Exemple : les « love dice » qui proposent un dé action : embrasser, toucher, masser… Et un dé corps : bouche, seins, pieds,…
De par leur nature, ils laissent peu de place à l’imaginaire et le défi est biaisé puisque les participants sont (souvent) deux et ne peuvent être soumis à un quelconque système d’appréciation extérieure. On constate, en effet, que la quasi totalité des jeux de couple sont compétitifs. Si le couple n’est pas « bon joueur », l’idée de se faire évaluer par son adversaire peut avoir un côté désagréable. Sans parler du fait de catégoriser son partenaire (sexuel) comme un adversaire (ludique).
L’autre point problématique de ce type de jeu, c’est le niveau de coquinerie qui ne peut évidemment pas correspondre aux attentes d’un couple. Soit les gages et défis sont trop ordinaires, et on ressort avec un sentiment d’ennui, soit les actions sortent du cadre et virent dans le graveleux. On en revient au sentiment de malaise qui peut bloquer complètement les joueurs et donc faire avorter une partie.

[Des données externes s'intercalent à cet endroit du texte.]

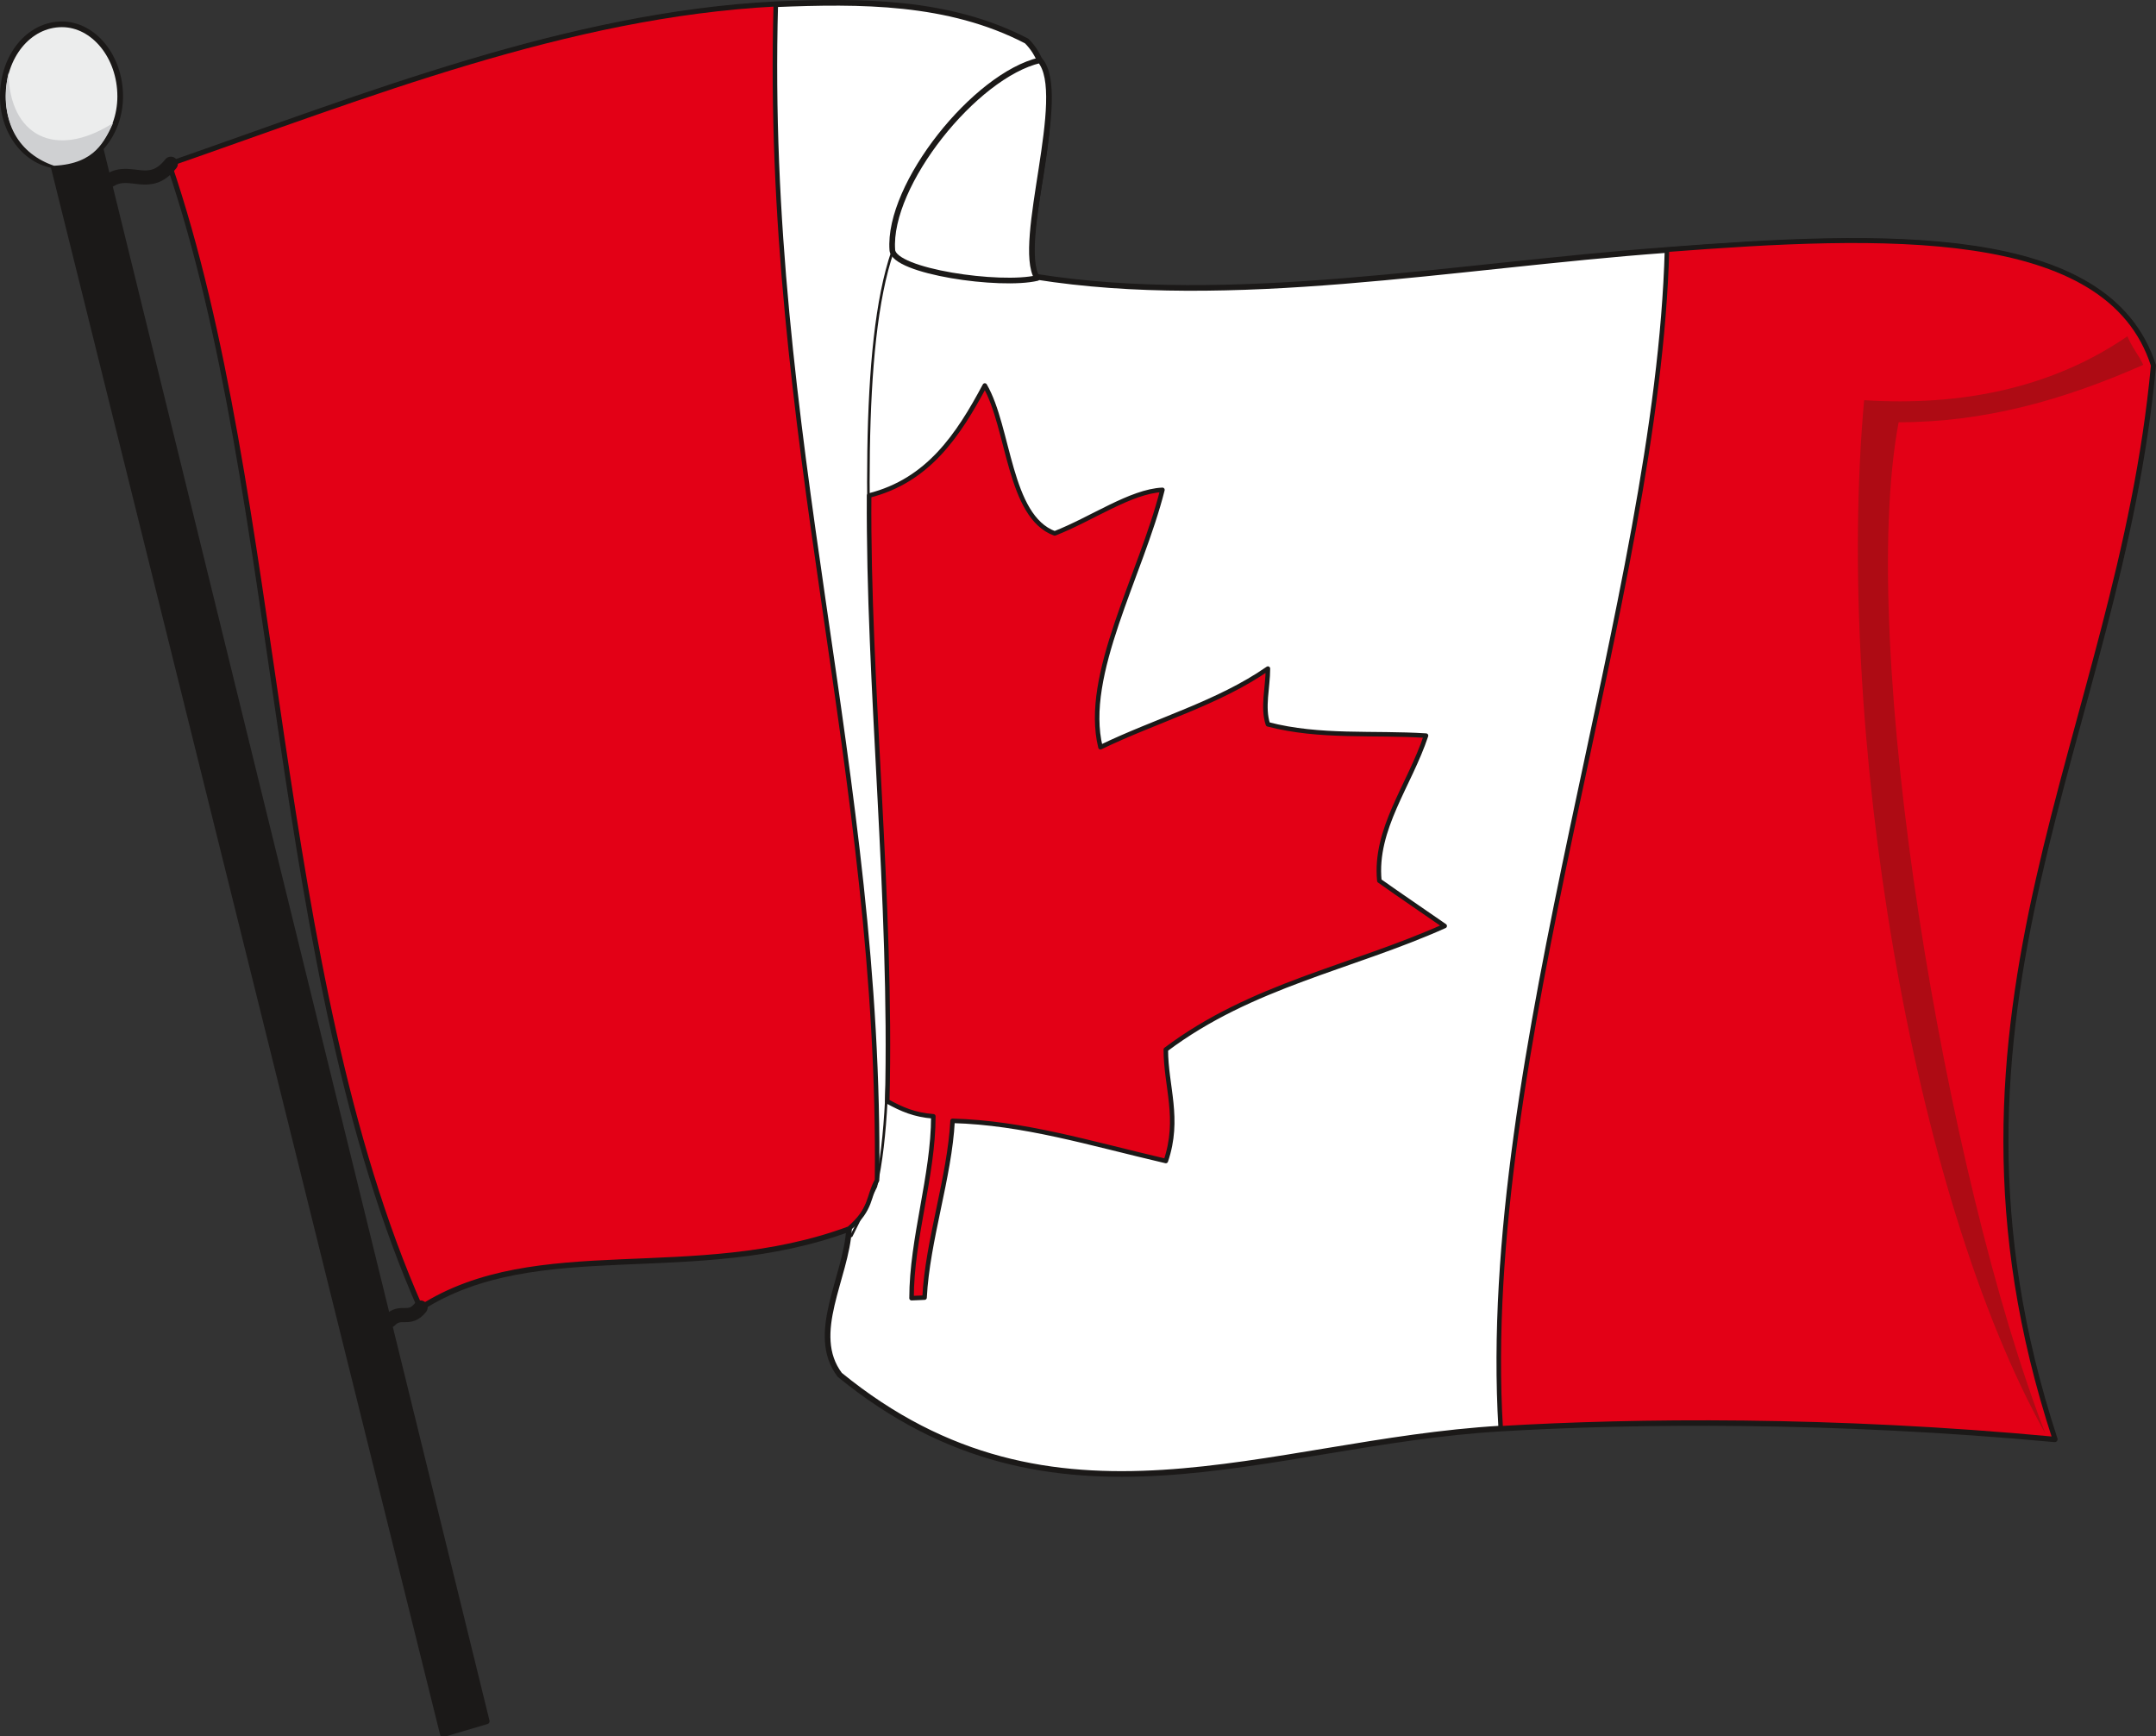 <svg xmlns="http://www.w3.org/2000/svg" version="1.2" width="76.23mm" height="61.39mm" viewBox="0 0 7623 6139" preserveAspectRatio="xMidYMid" fill-rule="evenodd" stroke-width="28.222" stroke-linejoin="round" xml:space="preserve"><rect x="0" y="0" width="7623" height="6139" fill="#333333" stroke="none"/><defs class="ClipPathGroup"><clipPath id="a" clipPathUnits="userSpaceOnUse"><path d="M0 0h7623v6139H0z"/></clipPath></defs><g class="SlideGroup"><g class="Slide" clip-path="url(#a)"><g class="Page"><g class="com.sun.star.drawing.ClosedBezierShape"><path class="BoundingBox" fill="none" d="M589 0h7035v5223H589z"/><path fill="#FFF" d="M1487 4625c412-265 967-77 1515-280-10 173-142 371-33 516 760 620 1507 239 2337 190 473-28 1170-35 1959 38-500-1525 227-2487 348-3796-160-501-960-468-1722-409-760 56-1535 205-2231 94-68-173 153-653-30-833C3353 1 3040 3 2743 15 2008 53 1297 338 599 581c403 1185 360 2846 888 4044Z"/><path fill="none" stroke="#1B1918" stroke-width="20" stroke-linecap="round" d="M1487 4625c412-265 967-77 1515-280-10 173-142 371-33 516 760 620 1507 239 2337 190 473-28 1170-35 1959 38-500-1525 227-2487 348-3796-160-501-960-468-1722-409-760 56-1535 205-2231 94-68-173 153-653-30-833C3353 1 3040 3 2743 15 2008 53 1297 338 599 581c403 1185 360 2846 888 4044Z"/></g><g class="com.sun.star.drawing.ClosedBezierShape"><path class="BoundingBox" fill="none" d="M591 7h7031v5090H591z"/><path fill="#E30016" d="M5306 5050c473-28 1170-36 1959 38-500-1524 227-2487 348-3796-160-500-960-467-1719-409-33 1227-667 2846-588 4167Zm0 0Zm-3819-427c412-264 967-76 1515-279 82-71 66-112 99-171 16-1442-401-2627-358-4158-735 38-1443 322-2144 566 403 1184 360 2846 888 4042Zm0 0Zm1586-2871c209-53 315-213 409-389 87 150 84 463 247 523 129-50 269-149 381-154-76 302-282 655-219 910 196-95 417-156 592-278 0 66-20 137 0 197 183 48 374 28 559 40-58 175-183 330-165 513 76 54 155 107 231 160-330 148-683 209-986 437 0 130 51 244 0 394-274-64-502-135-754-142-10 198-89 424-99 625-10 0-33 2-46 2 0-211 77-434 77-643-67-5-112-25-163-53 18-706-69-1479-64-2142Z"/><path fill="none" stroke="#1B1918" stroke-width="16" stroke-linecap="round" d="M5306 5050c473-28 1170-36 1959 38-500-1524 227-2487 348-3796-160-500-960-467-1719-409-33 1227-667 2846-588 4167Zm-3819-427c412-264 967-76 1515-279 82-71 66-112 99-171 16-1442-401-2627-358-4158-735 38-1443 322-2144 566 403 1184 360 2846 888 4042Zm1586-2871c209-53 315-213 409-389 87 150 84 463 247 523 129-50 269-149 381-154-76 302-282 655-219 910 196-95 417-156 592-278 0 66-20 137 0 197 183 48 374 28 559 40-58 175-183 330-165 513 76 54 155 107 231 160-330 148-683 209-986 437 0 130 51 244 0 394-274-64-502-135-754-142-10 198-89 424-99 625-10 0-33 2-46 2 0-211 77-434 77-643-67-5-112-25-163-53 18-706-69-1479-64-2142Z"/></g><g fill="none" class="com.sun.star.drawing.OpenBezierShape"><path class="BoundingBox" d="M3005 884h157v3492h-157z"/><path stroke="#1B1918" stroke-width="9" stroke-linecap="round" d="M3156 889c-230 668 93 2643-59 3306l-87 175"/></g><g class="com.sun.star.drawing.ClosedBezierShape"><path class="BoundingBox" fill="none" d="M3144 203h576v800h-576z"/><path fill="#FFF" d="M3677 213c-229 53-539 440-522 671 5 76 382 130 512 99-76-124 114-651 10-770Z"/><path fill="none" stroke="#1B1918" stroke-width="20" stroke-linecap="round" d="M3677 213c-229 53-539 440-522 671 5 76 382 130 512 99-76-124 114-651 10-770Z"/></g><g class="com.sun.star.drawing.ClosedBezierShape"><path class="BoundingBox" fill="none" d="M178 513h1554v5630H178z"/><path fill="#1B1918" d="m355 523 1366 5563-155 46L188 583c66 16 121-15 167-60Z"/><path fill="none" stroke="#1B1918" stroke-width="20" stroke-linecap="round" d="m355 523 1366 5563-155 46L188 583c66 16 121-15 167-60Z"/></g><g class="com.sun.star.drawing.ClosedBezierShape"><path class="BoundingBox" fill="none" d="M0 75h436v523H0z"/><path fill="#ECEDED" d="M219 86c112 0 206 114 206 255 0 134-94 246-206 246-118 0-209-112-209-246 0-141 91-255 209-255Z"/><path fill="none" stroke="#1B1918" stroke-width="20" stroke-linecap="round" d="M219 86c112 0 206 114 206 255 0 134-94 246-206 246-118 0-209-112-209-246 0-141 91-255 209-255Z"/></g><g class="com.sun.star.drawing.ClosedBezierShape"><path class="BoundingBox" fill="none" d="M6568 1189h1012v3881H6568z"/><path fill="#AE0B14" d="M7578 1290c-283 125-562 203-865 203-149 794 168 2672 519 3576-474-848-745-2498-641-3654 346 22 666-44 931-226 18 43 38 63 56 101Z"/></g><g class="com.sun.star.drawing.ClosedBezierShape"><path class="BoundingBox" fill="none" d="M21 257h381v330H21z"/><path fill="#CFD0D2" d="M30 257c3 221 164 309 370 178-30 61-61 144-209 151C73 546-7 438 30 257Z"/></g><g fill="none" class="com.sun.star.drawing.OpenBezierShape"><path class="BoundingBox" d="M364 553h1149v4142H364z"/><path stroke="#1B1918" stroke-width="50" stroke-linecap="round" d="M1487 4623c-41 51-69 5-109 46M604 579c-76 96-142 12-215 58"/></g></g></g></g></svg>

Le timing est aussi un des paramètres tellement sensible qu’il est difficile de coller.
Quand le jeu veut vous amener progressivement à un état propice aux échanges amoureux mais que la tension ne monte pas, on peut se retrouver “forcé” de jouer dans un mode qui va trop vite.
Pas besoin de vous faire un dessin. Quand monsieur refuse catégoriquement de se déshabiller et ce, même si le jeu exige à ce moment là, on se retrouve plus facilement à discuter de la mauvaise volonté du joueur que se dévorer du regard.
A l’inverse, quand le jeu fait son effet un peu trop efficacement, on finit très vite par oublier qu’on était en train de jouer pour partir batifoler. On se demande après quel était l’intérêt du jeu. On ne se souvient même pas des règles. Le timing est tellement difficile à contrôler que le jeu n’est plus en adéquation avec l’ambiance. Dans ce sens, il existe des jeux qui n’imposent pas d’actions directes et trop osées aux participants, mais plutôt des petits défis faciles qui permettront de gagner des récompenses.
Souvent à côté de la plaque ?
Je ne vais pas prétendre que tous les jeux estampillés “jeux de couples” sont mauvais.
Ils sont juste souvent à côté de la plaque, parce qu’il sont conçus dans l’idée qu’il faudra les vendre à un public le plus large possible. A cause de ça, on se retrouve souvent avec des créations qui n’ont aucune originalité mais qui se prétendent aptes à “pimenter” une soirée. D’innombrables copier/coller du trivial poursuit, du jeu de la bouteille ou des dés amoureux.
A mon sens, le meilleur moyen de ne pas se gâcher une soirée, c’est de choisir soigneusement le jeu qui collera à l’ambiance désirée, de ne jamais s’obliger à quoique ce soit (en n’hésitant pas à trancher dans les règles et à se permettre un joker, par exemple) et en se rendant à l’évidence, on n’est pas devant la création ludique du siècle, mais ce qu’on cherche ici, avant tout, c’est un agréable moment à deux.